What many parents don’t know is “At what age do children normally start to make friends?” While it is certain to vary slightly from one child to the next, children should start to show the beginnings of socialization somewhere around the age of two. It’s at this age that they start recognizing the viability of another child as someone who can contribute to their lives.
These are not deep, meaningful relationship, but are the kinds of relationships that come from convenience and proximity. It could best be described as a willingness to play “alongside” other children as opposed to playing with them. You won’t see a two-year old ask another child if they want to play, but sitting next to each other on the floor will lead to some levels of interaction and communication. They also start to become more willing to let another child into their playtime by sharing toys and space.
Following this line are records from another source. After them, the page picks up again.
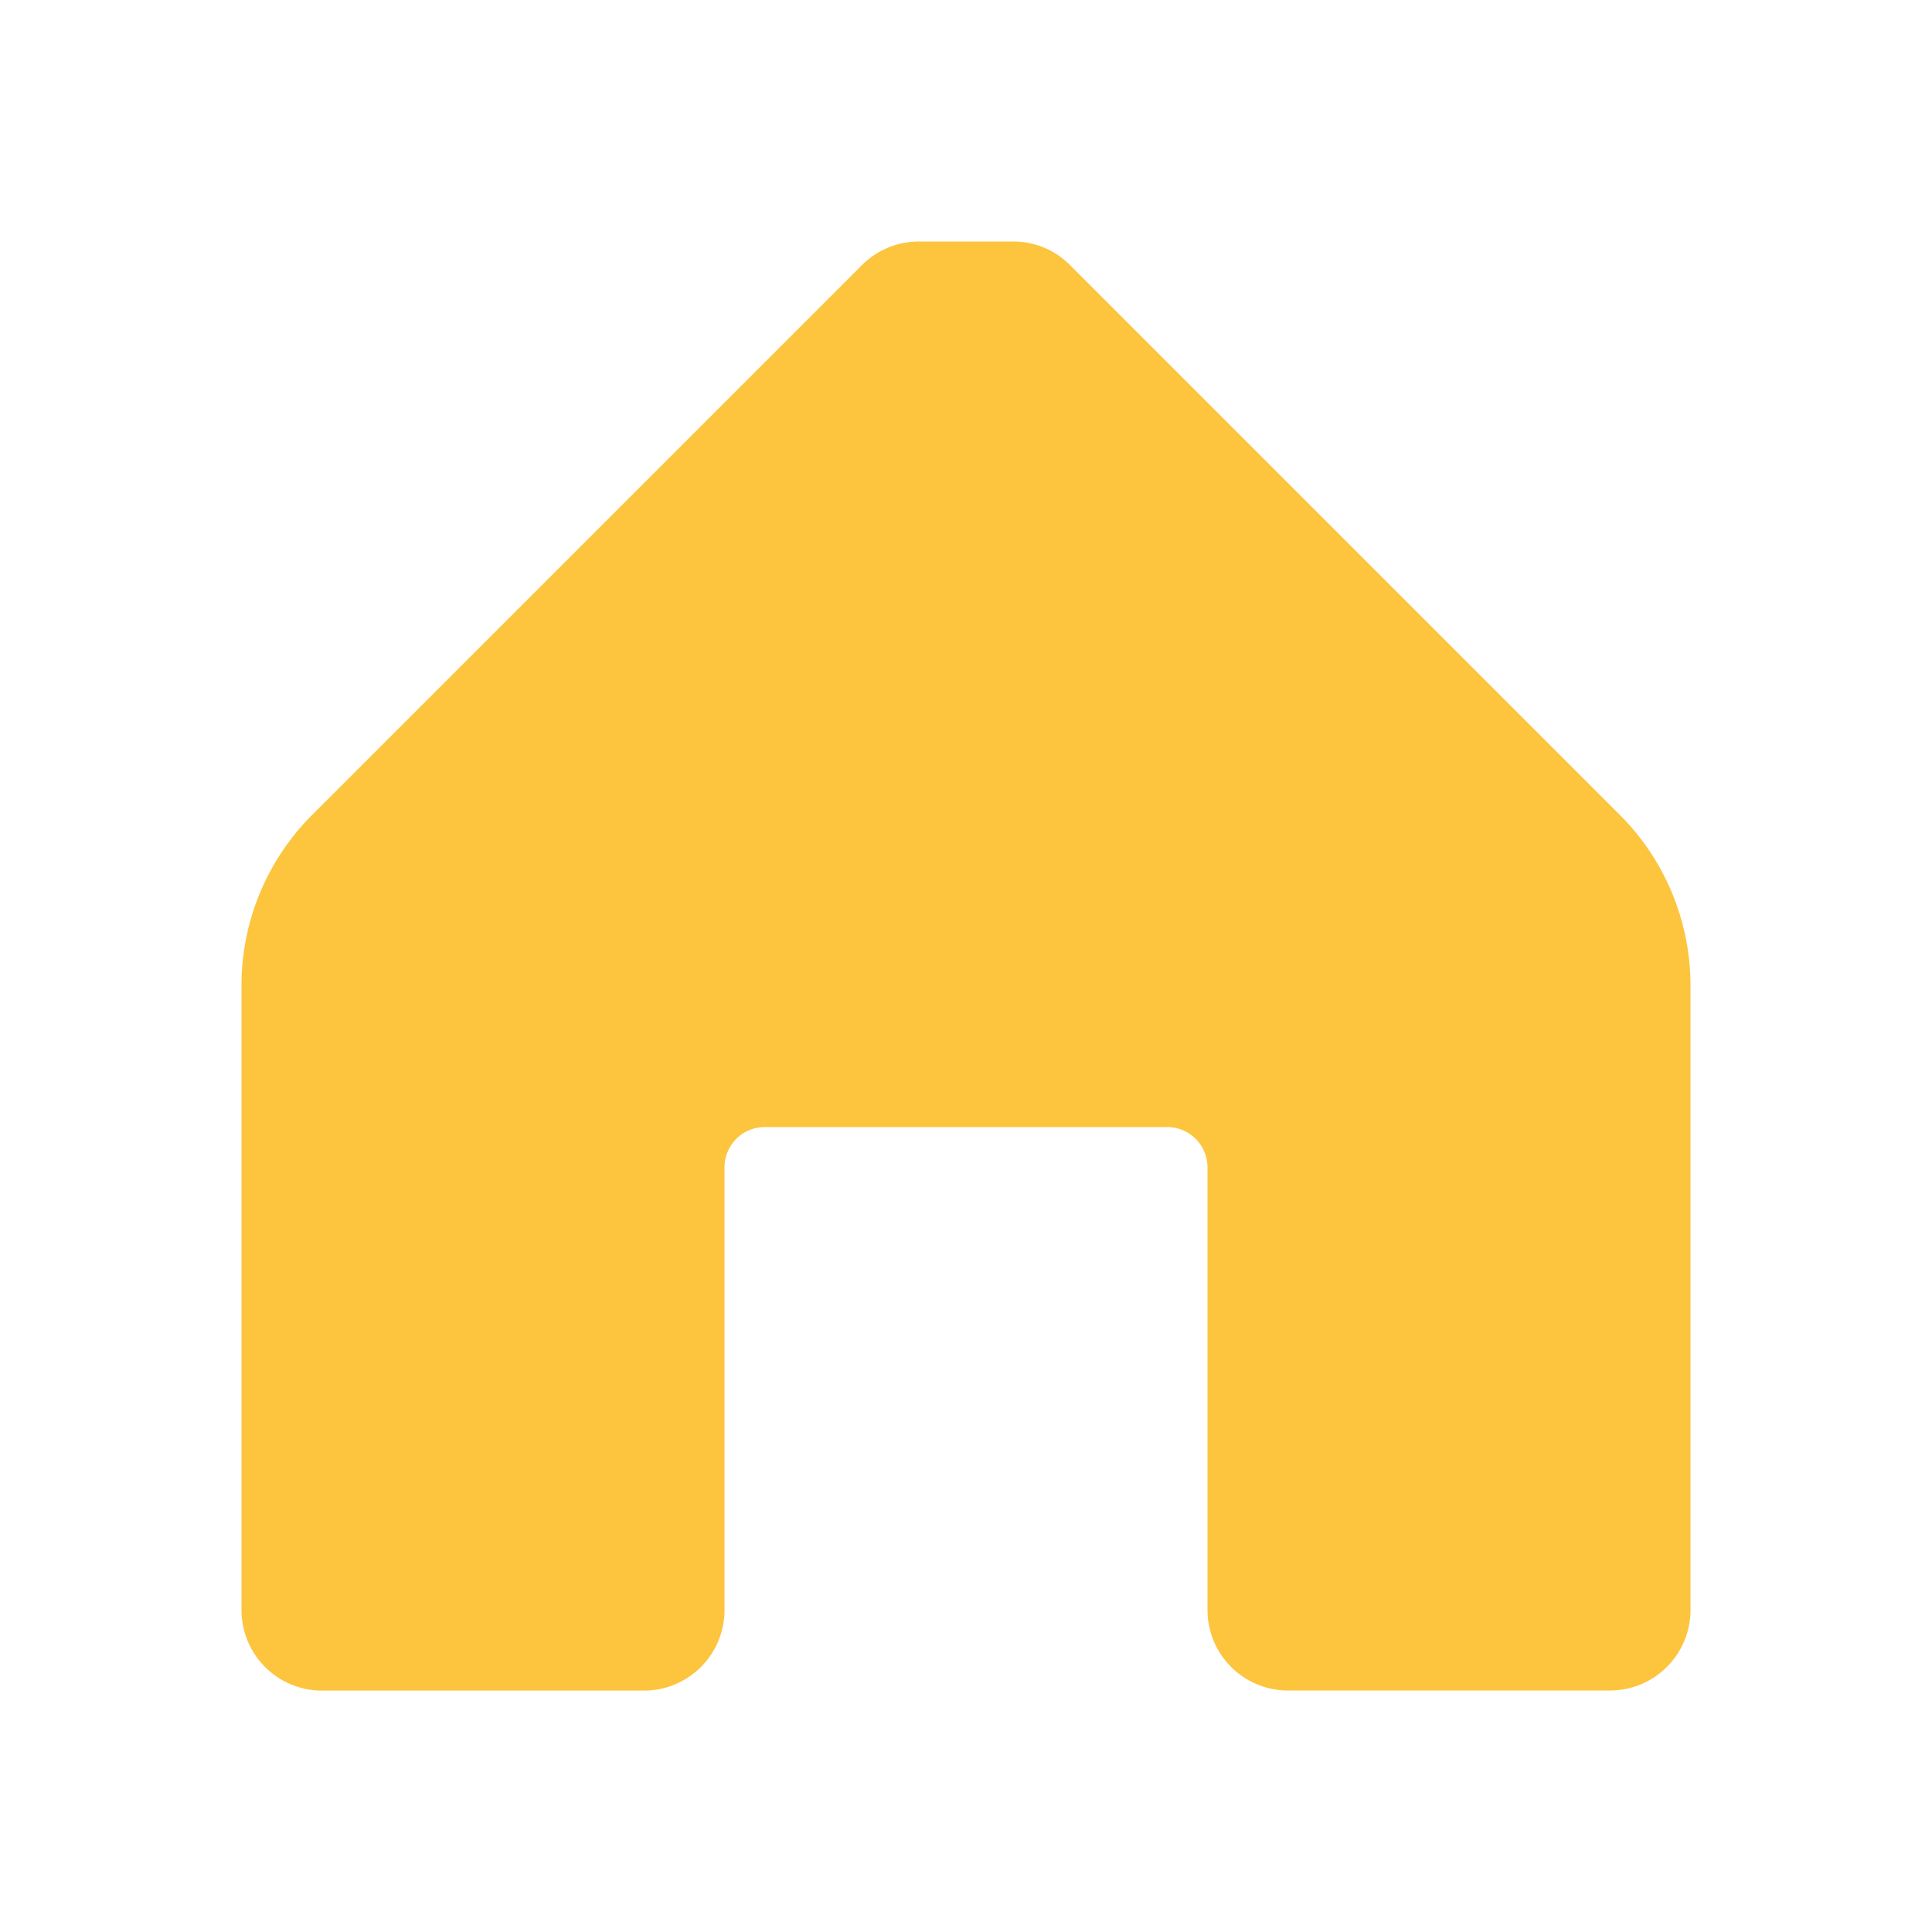 <svg width="19" height="19" viewBox="0 0 19 19" xmlns="http://www.w3.org/2000/svg">
    <path d="M16.625 9.69v6.143a.792.792 0 0 1-.792.792h-3.166a.792.792 0 0 1-.792-.792V11.48a.396.396 0 0 0-.396-.396H7.521a.396.396 0 0 0-.396.396v4.354a.792.792 0 0 1-.792.792H3.167a.792.792 0 0 1-.792-.792V9.69c0-.63.251-1.233.697-1.678l5.407-5.407a.792.792 0 0 1 .554-.23h.934c.208 0 .407.083.554.23l5.407 5.407c.446.445.696 1.048.697 1.678z" fill="#FDC43E" fill-rule="evenodd"/>
</svg>
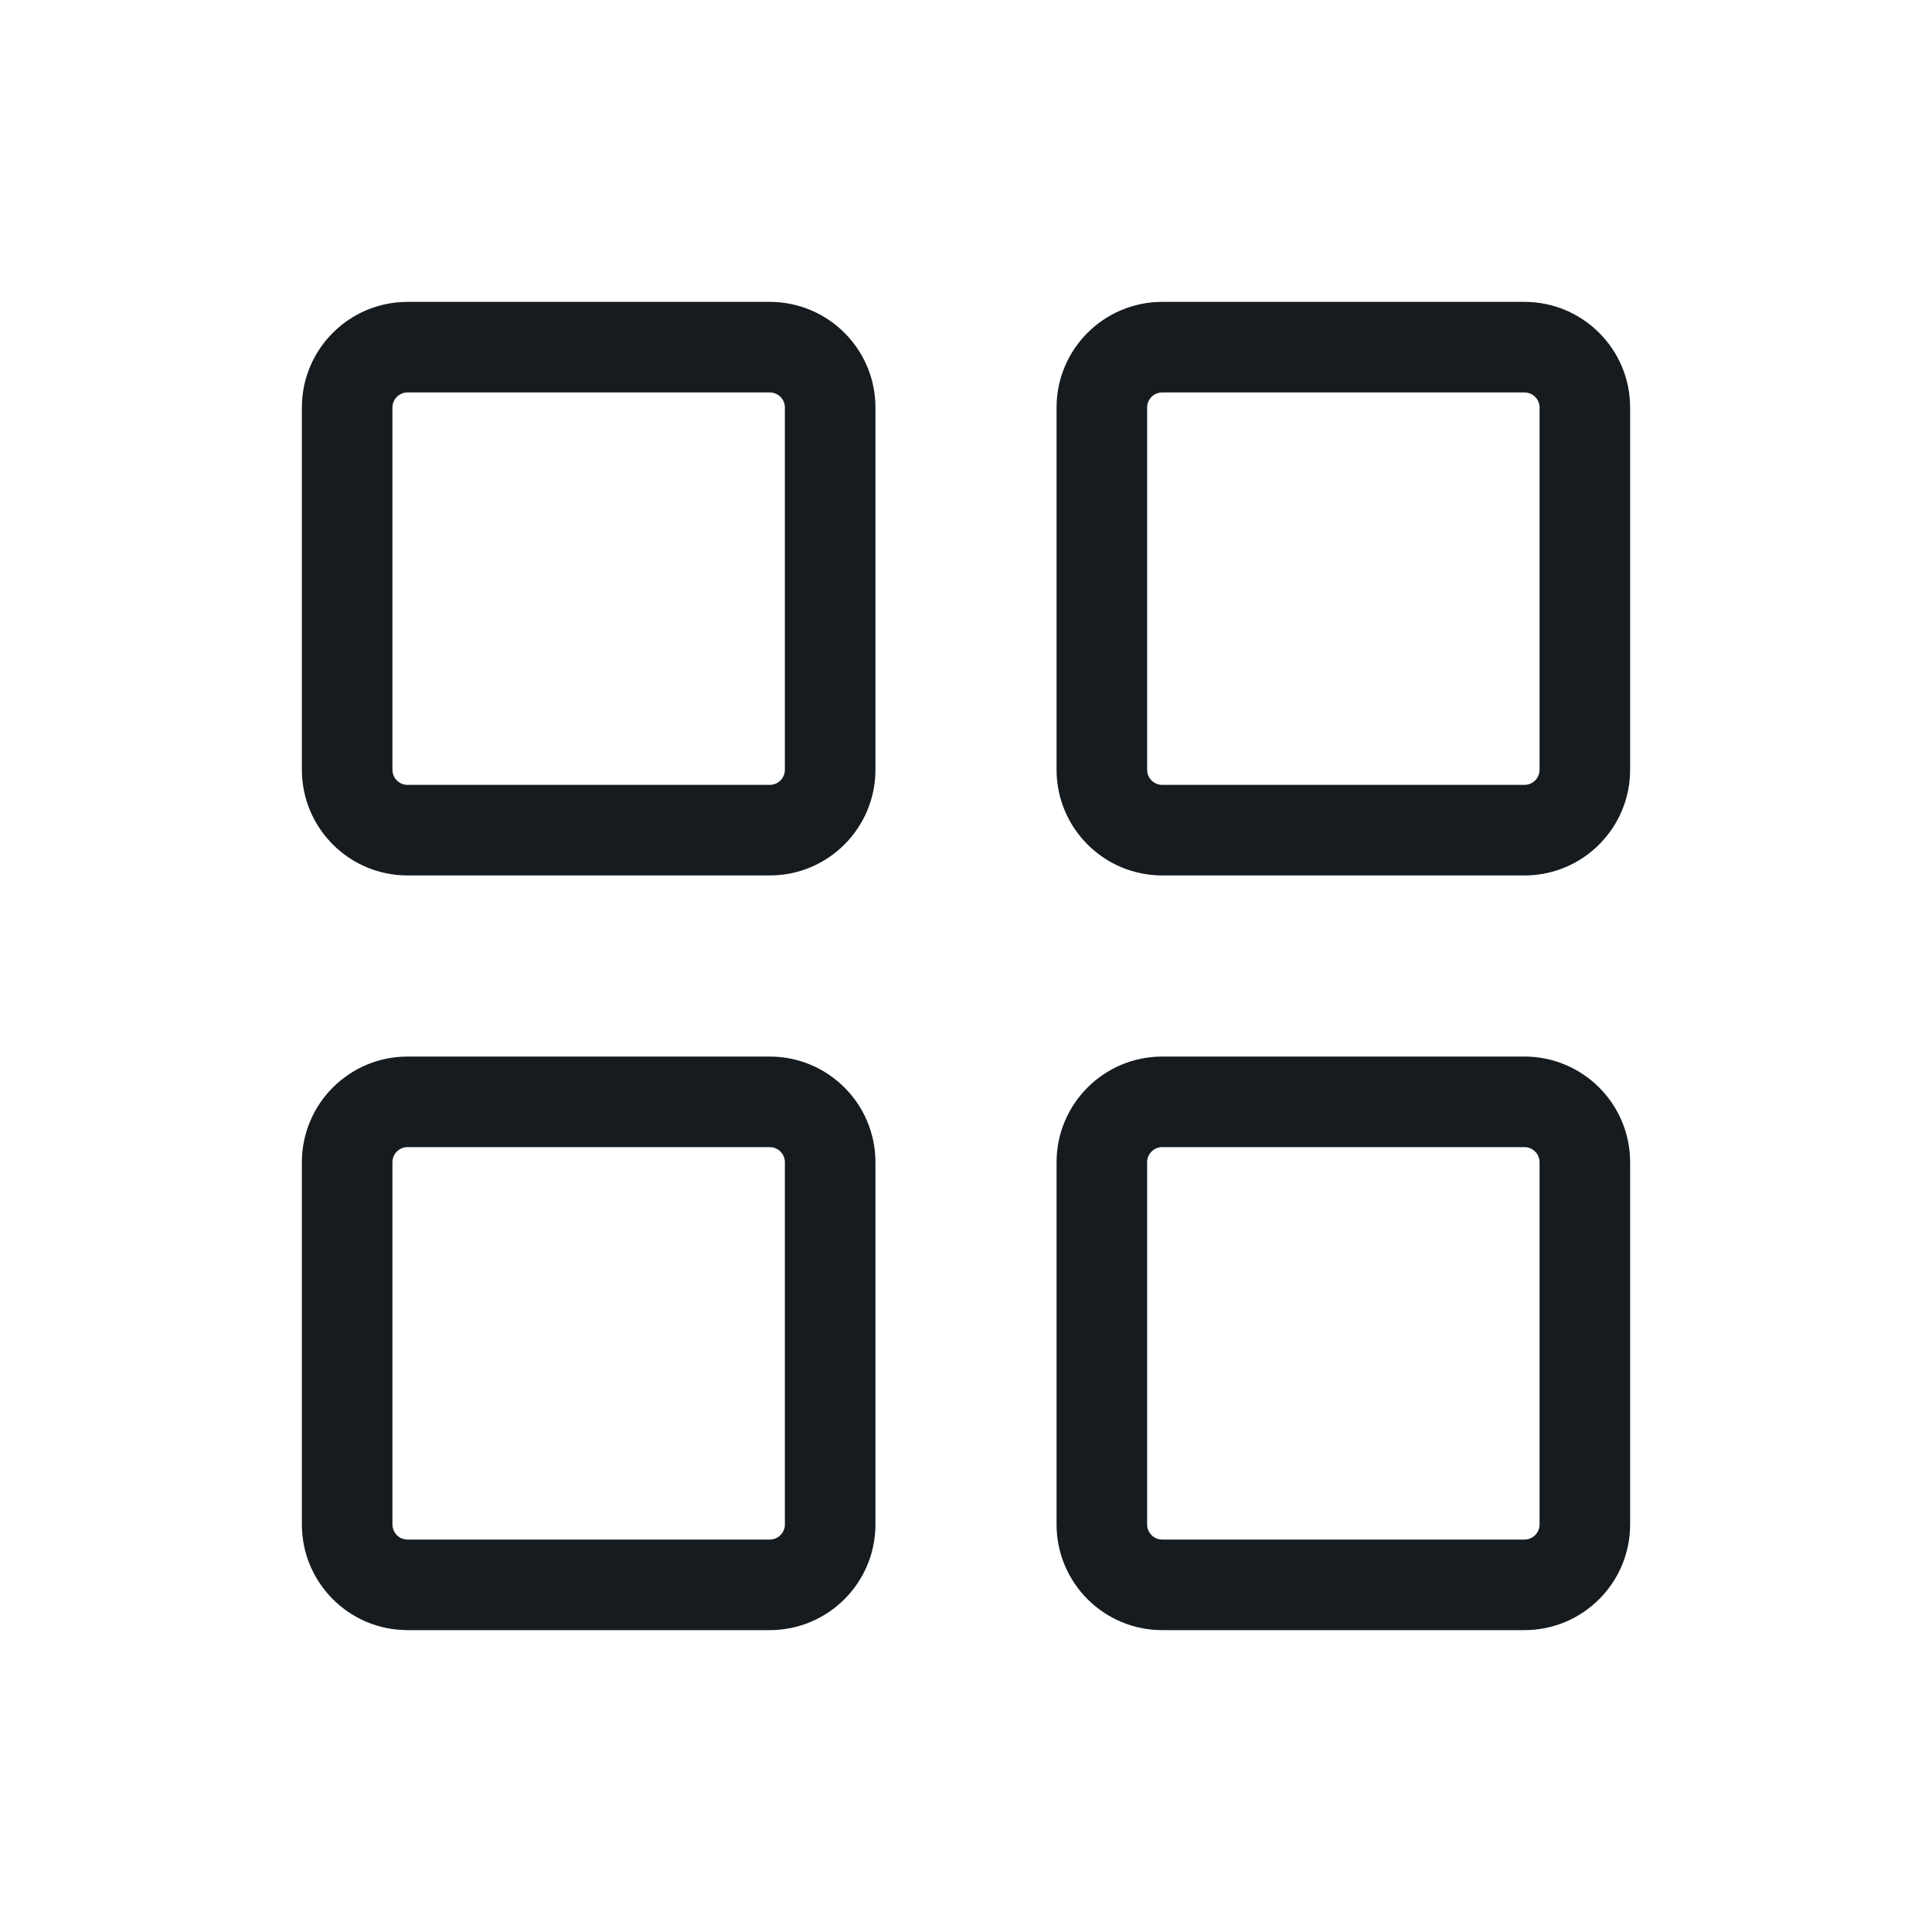 <svg width="24" height="24" viewBox="0 0 24 24" fill="none" xmlns="http://www.w3.org/2000/svg">
<path fill-rule="evenodd" clip-rule="evenodd" d="M9.562 13.125C10.287 13.125 10.875 13.713 10.875 14.438V18.938C10.875 19.662 10.287 20.25 9.562 20.25H5.062C4.338 20.25 3.75 19.662 3.75 18.938V14.438C3.75 13.713 4.338 13.125 5.062 13.125H9.562ZM5.062 14.25C4.959 14.25 4.875 14.334 4.875 14.438V18.938C4.875 19.041 4.959 19.125 5.062 19.125H9.562C9.666 19.125 9.75 19.041 9.75 18.938V14.438C9.75 14.334 9.666 14.25 9.562 14.25H5.062Z" fill="#161B20"/>
<path fill-rule="evenodd" clip-rule="evenodd" d="M18.938 13.125C19.662 13.125 20.25 13.713 20.25 14.438V18.938C20.25 19.662 19.662 20.25 18.938 20.25H14.438C13.713 20.25 13.125 19.662 13.125 18.938V14.438C13.125 13.713 13.713 13.125 14.438 13.125H18.938ZM14.438 14.25C14.334 14.25 14.25 14.334 14.25 14.438V18.938C14.25 19.041 14.334 19.125 14.438 19.125H18.938C19.041 19.125 19.125 19.041 19.125 18.938V14.438C19.125 14.334 19.041 14.25 18.938 14.25H14.438Z" fill="#161B20"/>
<path fill-rule="evenodd" clip-rule="evenodd" d="M9.562 3.75C10.287 3.75 10.875 4.338 10.875 5.062V9.562C10.875 10.287 10.287 10.875 9.562 10.875H5.062C4.338 10.875 3.75 10.287 3.75 9.562V5.062C3.75 4.338 4.338 3.75 5.062 3.75H9.562ZM5.062 4.875C4.959 4.875 4.875 4.959 4.875 5.062V9.562C4.875 9.666 4.959 9.75 5.062 9.75H9.562C9.666 9.75 9.75 9.666 9.75 9.562V5.062C9.75 4.959 9.666 4.875 9.562 4.875H5.062Z" fill="#161B20"/>
<path fill-rule="evenodd" clip-rule="evenodd" d="M18.938 3.75C19.662 3.75 20.25 4.338 20.25 5.062V9.562C20.25 10.287 19.662 10.875 18.938 10.875H14.438C13.713 10.875 13.125 10.287 13.125 9.562V5.062C13.125 4.338 13.713 3.75 14.438 3.75H18.938ZM14.438 4.875C14.334 4.875 14.25 4.959 14.25 5.062V9.562C14.25 9.666 14.334 9.75 14.438 9.75H18.938C19.041 9.75 19.125 9.666 19.125 9.562V5.062C19.125 4.959 19.041 4.875 18.938 4.875H14.438Z" fill="#161B20"/>
</svg>

Over the next 1-3 years, children start to form the basis of socialization. Not only do they interact with others, but they will also begin to identify them as friends. The “friendships” will tend to be very short in duration. They might not last any longer than one playing session sitting together is a sandbox, but parents should start to see the inklings of camaraderie.
By the age of five, children should begin to verbalize friendships. They may ask if they can go play with certain individuals with whom they have just had a successful playing experience. It is at this age that they may begin to understand the concept of a best friend. Of course, parents should be prepared to understand that these friendship may also be short in duration. Kids are fickle at this age. One day, they have a best friend and that might last for a week or two until they meet someone else and begin to identify that child as their new best friend.
Finally, it isn’t until around age seven that children will start to play in larger groups. The process might occur sooner for children who have been in daycare for an extended period of time, but generally, their social skills are taking form at this age, allowing them to feel confident enough to interact with several children at a time. This is also the age in which children are exposed to video games such as Subway Surfers where the graphics are colorful and the game is highly interactive. They will also start to make friends online as they play more video games. Parents will have to take special note if kids start to meet people online since you would not know what goes behind the PC screen.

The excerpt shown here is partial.